Exercise details
The copy should begin at the line containing "A book cover" and end with the last line below, every line exact and no picture included.

Records for this exercise

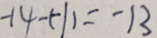
- 1 4 - ( - 1 ) = - 1 3
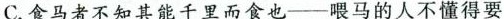
C.食马者不知其能千里而食也——喂马的人不懂得要
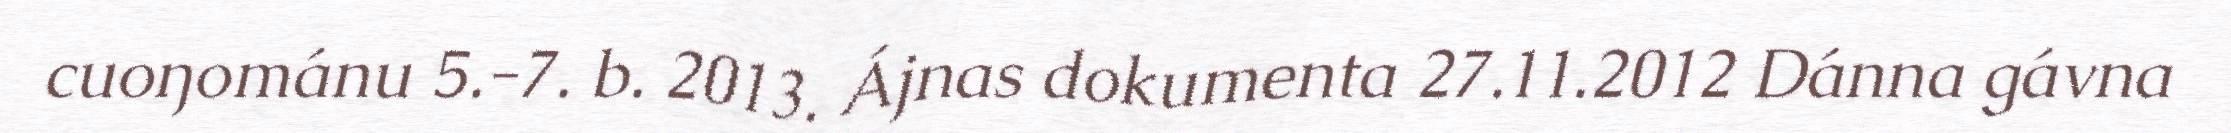
cuoŋománu 5.-7. b. 2013. Ájnas dokumenta 27.11.2012 Dánna gávna
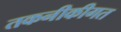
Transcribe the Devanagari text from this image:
तकनीकीगत
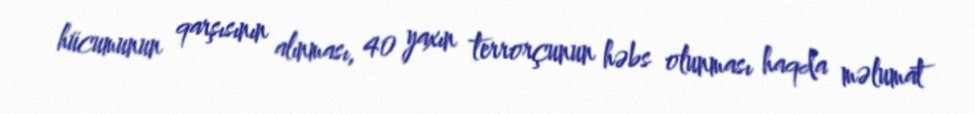
hücumunun qarşısının alınması, 40 yaxın terrorçunun həbs olunması haqda məlumat
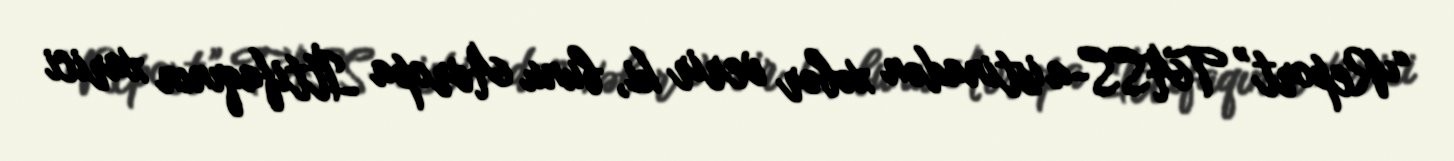
“Report” TASS-a istinadən xəbər verir ki, bunu Avropa İttifaqının xarici
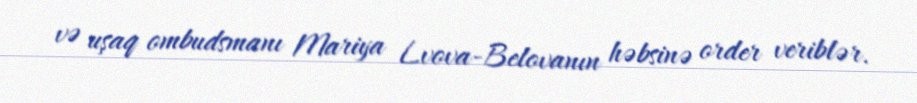
və uşaq ombudsmanı Mariya Lvova-Belovanın həbsinə order veriblər.
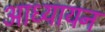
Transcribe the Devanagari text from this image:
आध्यायन
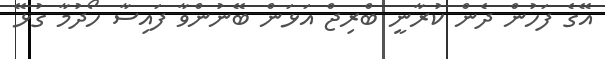
އޭގެ ފަހުން ދެން ކުރާނީ ބްރިޖް އަޅަން ބޭނުންވާ ފައިސާ ހޯދުމާ ގުޅޭ
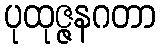
ပုထုဇ္ဇနဂတာ
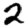
Digit: 2
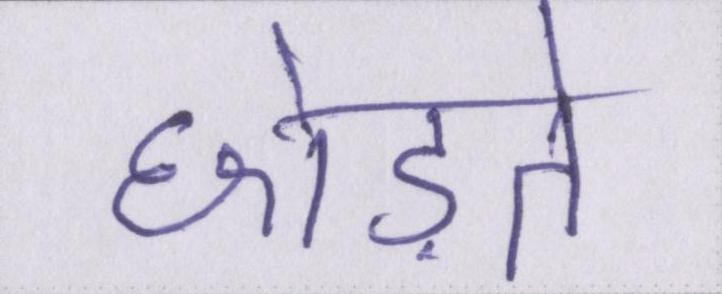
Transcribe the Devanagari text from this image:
छोड़ते
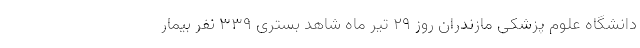
دانشگاه علوم پزشکی مازندران روز ۲۹ تیر ماه شاهد بستری ۳۳۹ نفر بیمار
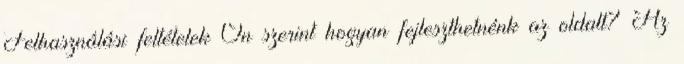
Felhasználási feltételek Ön szerint hogyan fejleszthetnénk az oldalt? Az
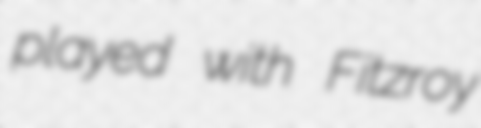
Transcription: played with Fitzroy
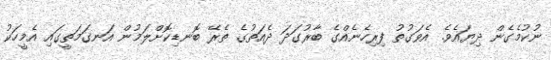
ނުކުމެގެން ދިޔައެވެ. އެވަގުތު ފިރިހެނެއްގެ ބާރުގަދަ ދެއަތުގެ ތެރޭ ބޮނޑިކޮށްލަމުން އަނގަމަތީގައި އެމީހަކު
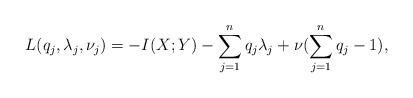
LaTeX: \begin{align*}L(q_j,\lambda_j,\nu_j)= - I(X;Y) - \sum_{j=1}^{n}{{q_j}{\lambda_j}} + \nu (\sum_{j=1}^{n}{q_j}-1), \end{align*}
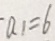
a 1 = 6
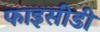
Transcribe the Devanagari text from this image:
फाइसीडी
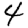
Digit: 4
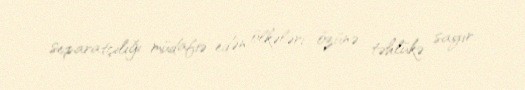
separatçılığı müdafiə edən ölkələri özünə təhlükə sayır.
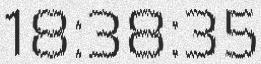
18:38:35
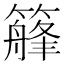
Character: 𥴣
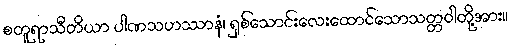
စတူရာသီတိယာ ပါဏသဟဿာနံ၊ ရှစ်သောင်းလေးထောင်သောသတ္တဝါတို့အား။
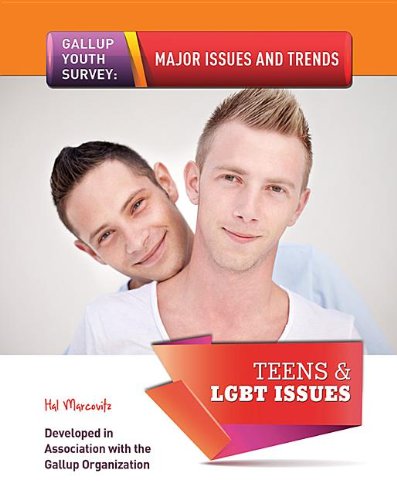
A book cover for Teens & LGBT Issues (Gallup Youth Survey : Major Issues and Trends); Hal Marcovitz; Teen & Young Adult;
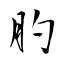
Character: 肑
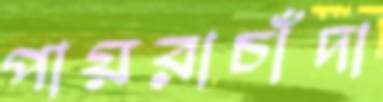
পায়রাচাঁদা
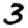
Digit: 3
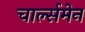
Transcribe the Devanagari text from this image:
चार्ल्समेन
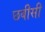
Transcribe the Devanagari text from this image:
छबीसी
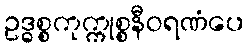
ဥဒ္ဓစ္စကုက္ကုစ္စနီဝရဏံပေ
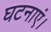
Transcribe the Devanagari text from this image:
घटनाएं।
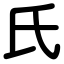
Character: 氏
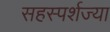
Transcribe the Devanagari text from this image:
सहस्पर्शज्या
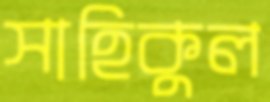
সাহিকুল
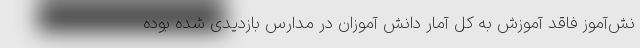
نش‌آموز فاقد آموزش به کل آمار دانش آموزان در مدارس بازدیدی شده بوده
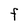
Character: F
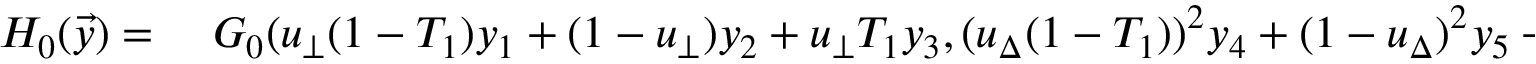
\begin{array} { r l } { H _ { 0 } ( \vec { y } ) = \ } & { { } G _ { 0 } ( u _ { \bot } ( 1 - T _ { 1 } ) y _ { 1 } + ( 1 - u _ { \bot } ) y _ { 2 } + u _ { \bot } T _ { 1 } y _ { 3 } , ( u _ { \Delta } ( 1 - T _ { 1 } ) ) ^ { 2 } y _ { 4 } + ( 1 - u _ { \Delta } ) ^ { 2 } y _ { 5 } + ( u _ { \Delta } T _ { 1 } ) ^ { 2 } y _ { 6 } } \end{array}

Result of this exercise
A book cover for Teens & LGBT Issues (Gallup Youth Survey : Major Issues and Trends); Hal Marcovitz; Teen & Young Adult;
Character: 肑
পায়রাচাঁদা
Digit: 3
Transcribe the Devanagari text from this image:
चार्ल्समेन
Transcribe the Devanagari text from this image:
छबीसी
ဥဒ္ဓစ္စကုက္ကုစ္စနီဝရဏံပေ
Transcribe the Devanagari text from this image:
घटनाएं।
Character: 氏
Transcribe the Devanagari text from this image:
सहस्पर्शज्या
সাহিকুল
نش‌آموز فاقد آموزش به کل آمار دانش آموزان در مدارس بازدیدی شده بوده
Character: F
\begin{array} { r l } { H _ { 0 } ( \vec { y } ) = \ } & { { } G _ { 0 } ( u _ { \bot } ( 1 - T _ { 1 } ) y _ { 1 } + ( 1 - u _ { \bot } ) y _ { 2 } + u _ { \bot } T _ { 1 } y _ { 3 } , ( u _ { \Delta } ( 1 - T _ { 1 } ) ) ^ { 2 } y _ { 4 } + ( 1 - u _ { \Delta } ) ^ { 2 } y _ { 5 } + ( u _ { \Delta } T _ { 1 } ) ^ { 2 } y _ { 6 } } \end{array}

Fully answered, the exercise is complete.